▶ Records for the task
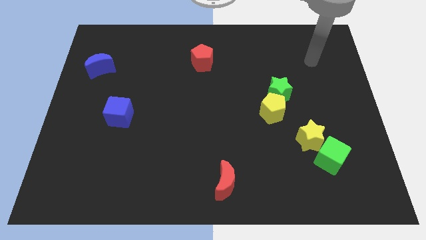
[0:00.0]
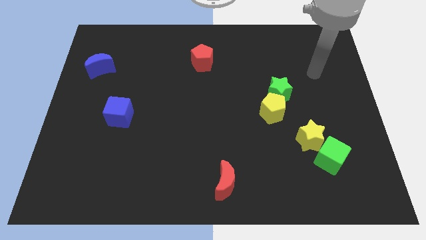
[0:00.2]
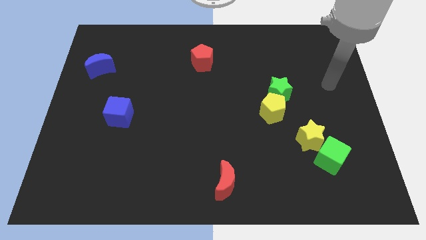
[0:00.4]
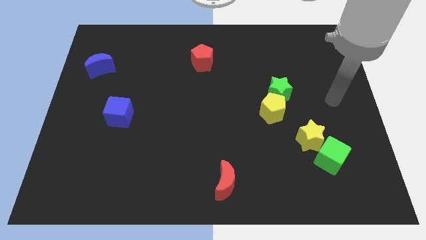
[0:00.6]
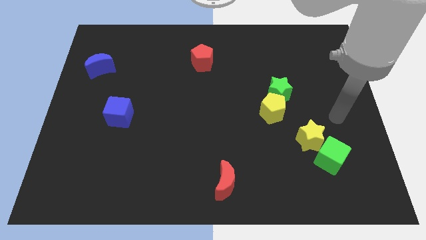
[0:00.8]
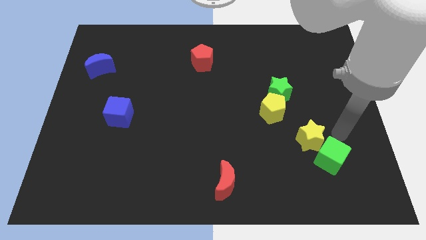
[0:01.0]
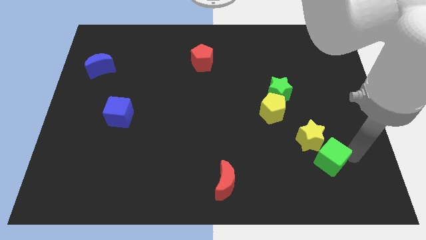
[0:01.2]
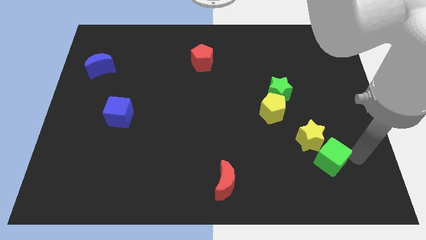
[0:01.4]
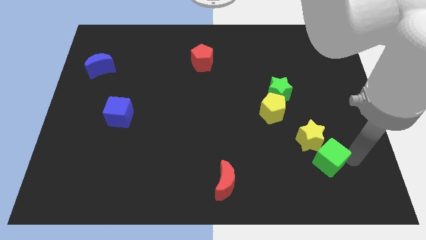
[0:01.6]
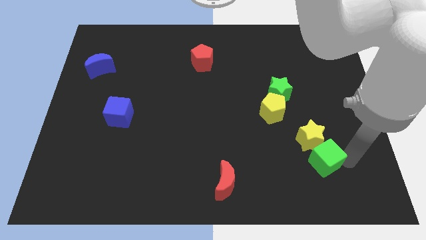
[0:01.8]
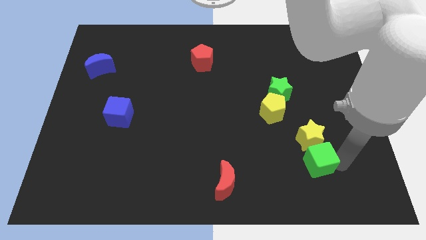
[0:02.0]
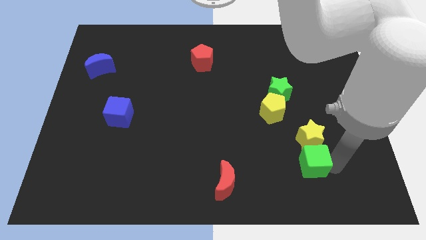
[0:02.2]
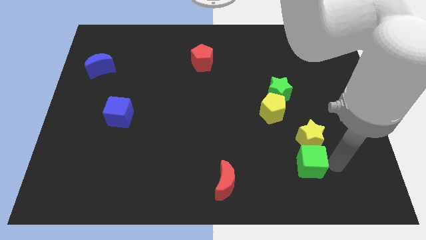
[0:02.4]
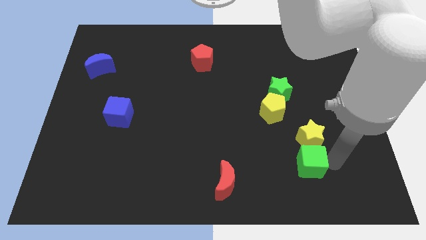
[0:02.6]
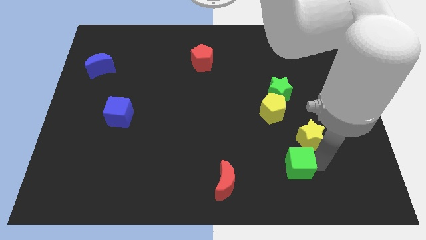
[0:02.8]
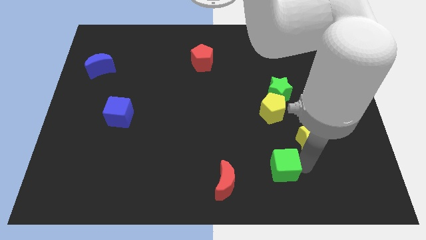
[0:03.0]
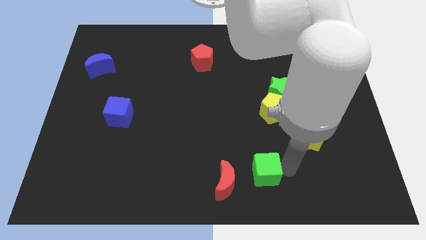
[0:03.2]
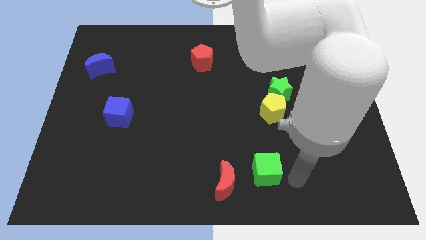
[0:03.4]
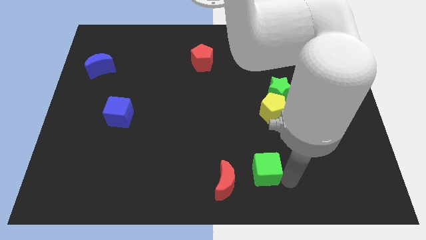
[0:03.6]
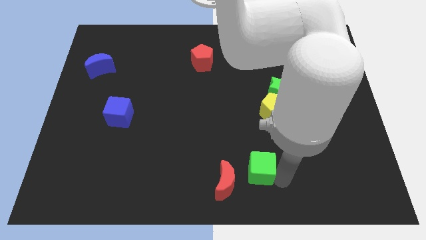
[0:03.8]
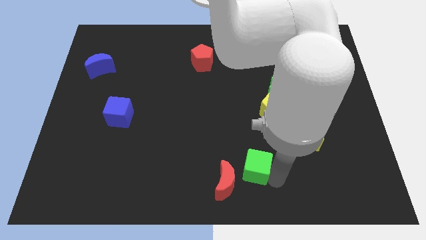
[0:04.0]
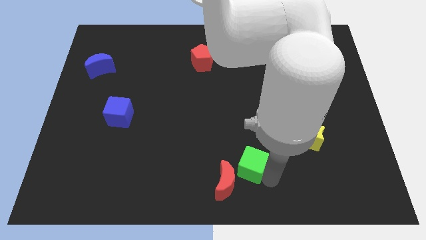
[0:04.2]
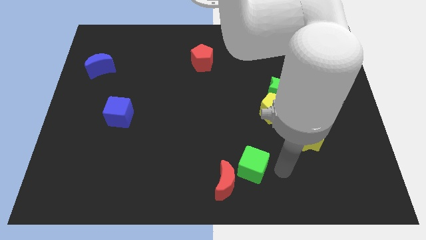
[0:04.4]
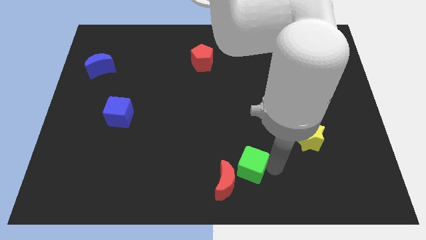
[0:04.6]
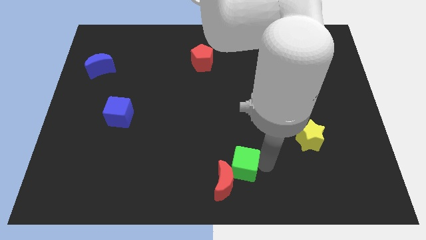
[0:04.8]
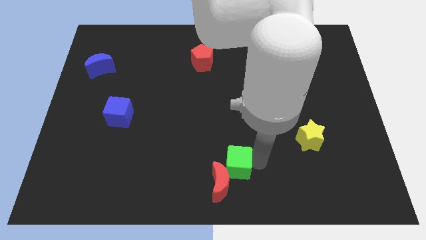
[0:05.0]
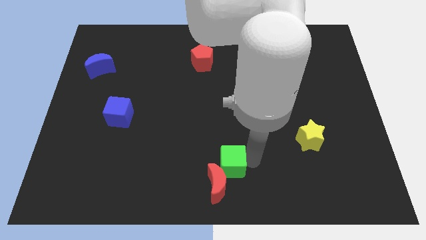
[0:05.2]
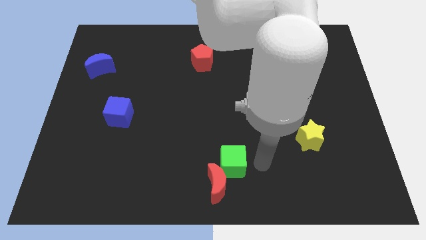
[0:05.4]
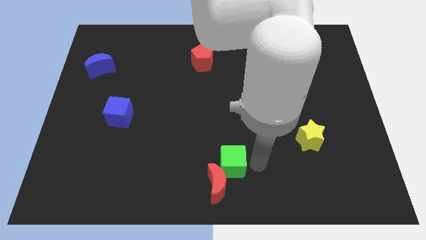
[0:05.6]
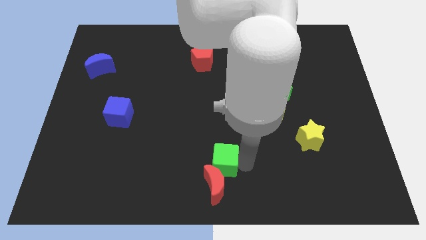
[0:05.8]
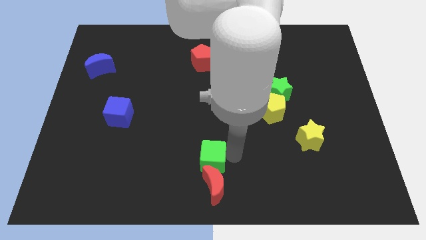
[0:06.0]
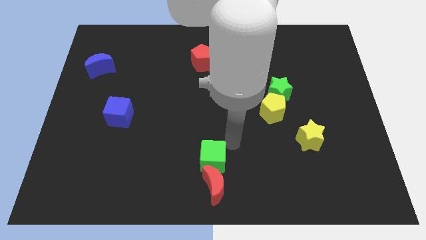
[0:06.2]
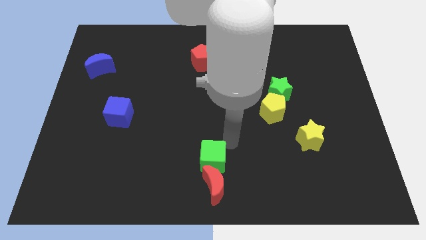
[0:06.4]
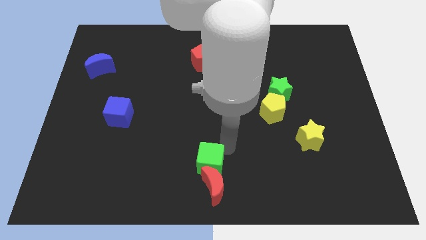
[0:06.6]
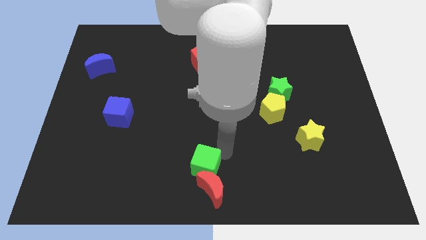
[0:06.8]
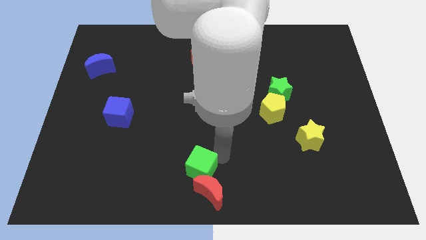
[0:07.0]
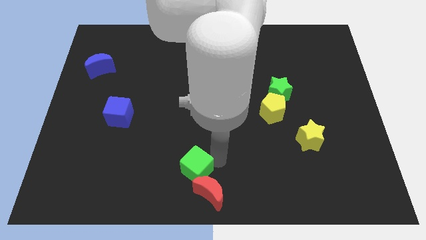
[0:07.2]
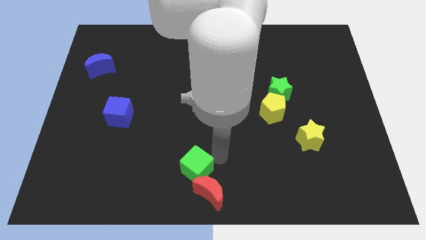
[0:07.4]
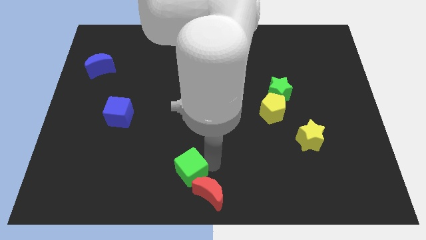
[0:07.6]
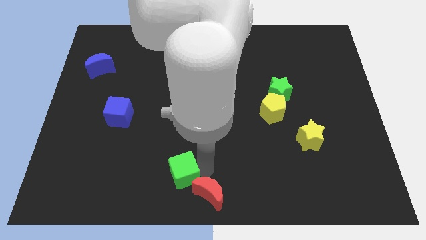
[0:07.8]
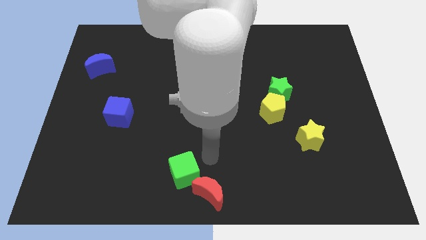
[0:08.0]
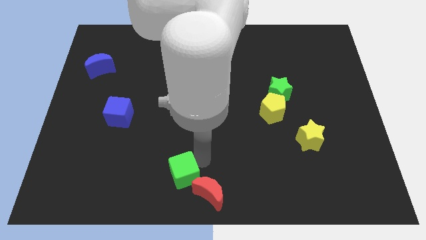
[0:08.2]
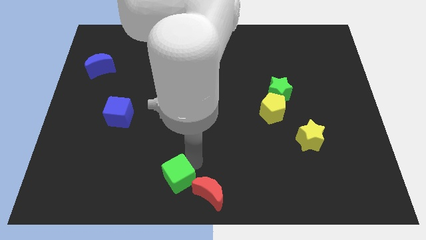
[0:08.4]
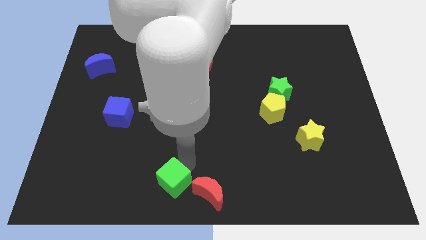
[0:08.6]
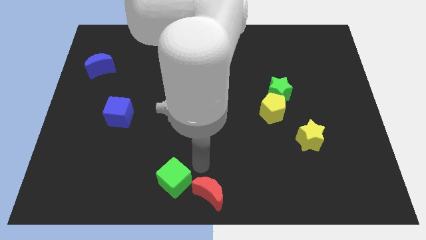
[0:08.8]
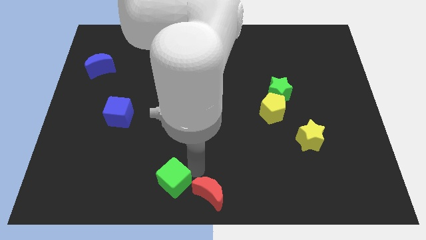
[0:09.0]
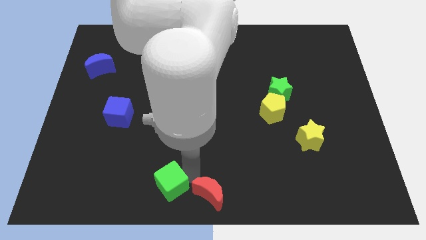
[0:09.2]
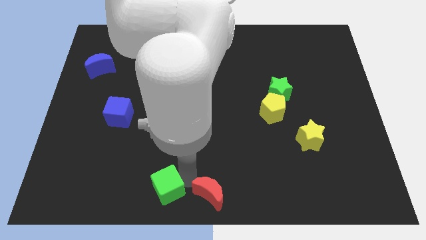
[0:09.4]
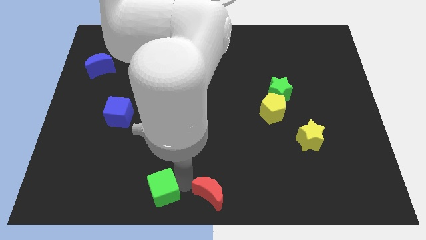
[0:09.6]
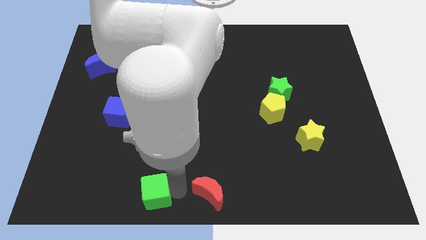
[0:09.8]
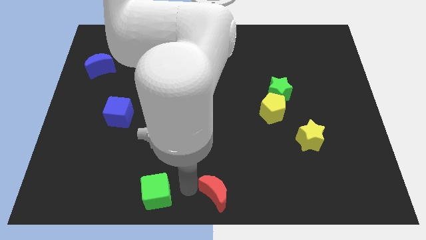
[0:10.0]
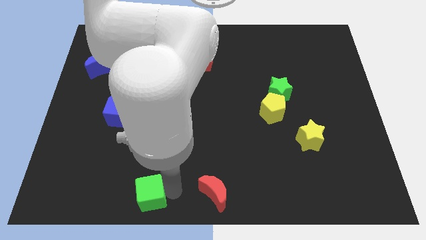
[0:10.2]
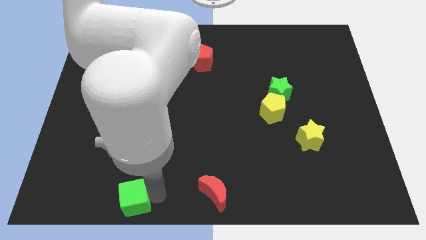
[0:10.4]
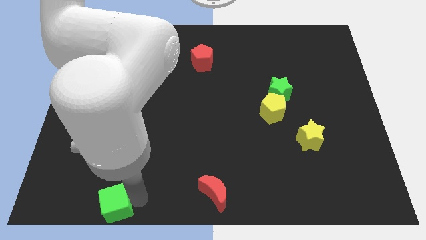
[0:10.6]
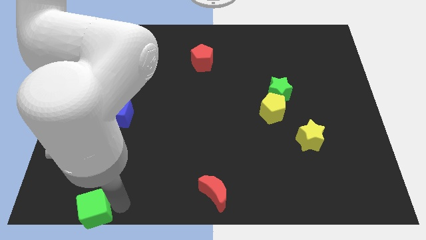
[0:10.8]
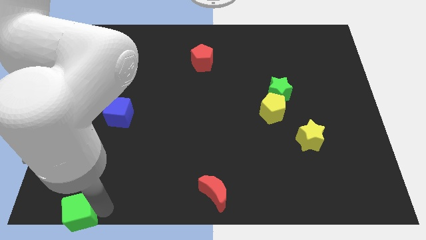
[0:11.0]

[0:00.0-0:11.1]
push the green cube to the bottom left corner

▶ About this task
Set the pictures aside and reproduce the data above exactly.

▶ Task response
[0:00.0]
[0:00.2]
[0:00.4]
[0:00.6]
[0:00.8]
[0:01.0]
[0:01.2]
[0:01.4]
[0:01.6]
[0:01.8]
[0:02.0]
[0:02.2]
[0:02.4]
[0:02.6]
[0:02.8]
[0:03.0]
[0:03.2]
[0:03.4]
[0:03.6]
[0:03.8]
[0:04.0]
[0:04.2]
[0:04.4]
[0:04.6]
[0:04.8]
[0:05.0]
[0:05.2]
[0:05.4]
[0:05.6]
[0:05.8]
[0:06.0]
[0:06.2]
[0:06.4]
[0:06.6]
[0:06.8]
[0:07.0]
[0:07.2]
[0:07.4]
[0:07.6]
[0:07.8]
[0:08.0]
[0:08.2]
[0:08.4]
[0:08.6]
[0:08.8]
[0:09.0]
[0:09.2]
[0:09.4]
[0:09.6]
[0:09.8]
[0:10.0]
[0:10.2]
[0:10.4]
[0:10.6]
[0:10.8]
[0:11.0]

[0:00.0-0:11.1]
push the green cube to the bottom left corner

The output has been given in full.